* Task statement *
Set down exactly, and only, the lines from the one with "Q: Is the text underlined? A: No." to the final line of the entries, both included.

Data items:
- - -

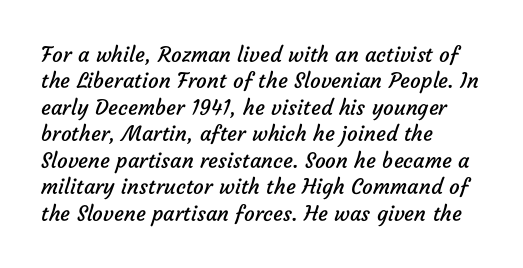
Q: Is the text bold? A: No.
Q: Is the text underlined? A: No.
Q: How is the paragraph aligned? A: Left-aligned.
Q: Is the spacing between letters normal or unusually wide? A: Normal.
Q: Is the spacing between lines tight, normal or loose? A: Normal.

- - -

* Task answer *
Q: Is the text underlined? A: No.
Q: How is the paragraph aligned? A: Left-aligned.
Q: Is the spacing between letters normal or unusually wide? A: Normal.
Q: Is the spacing between lines tight, normal or loose? A: Normal.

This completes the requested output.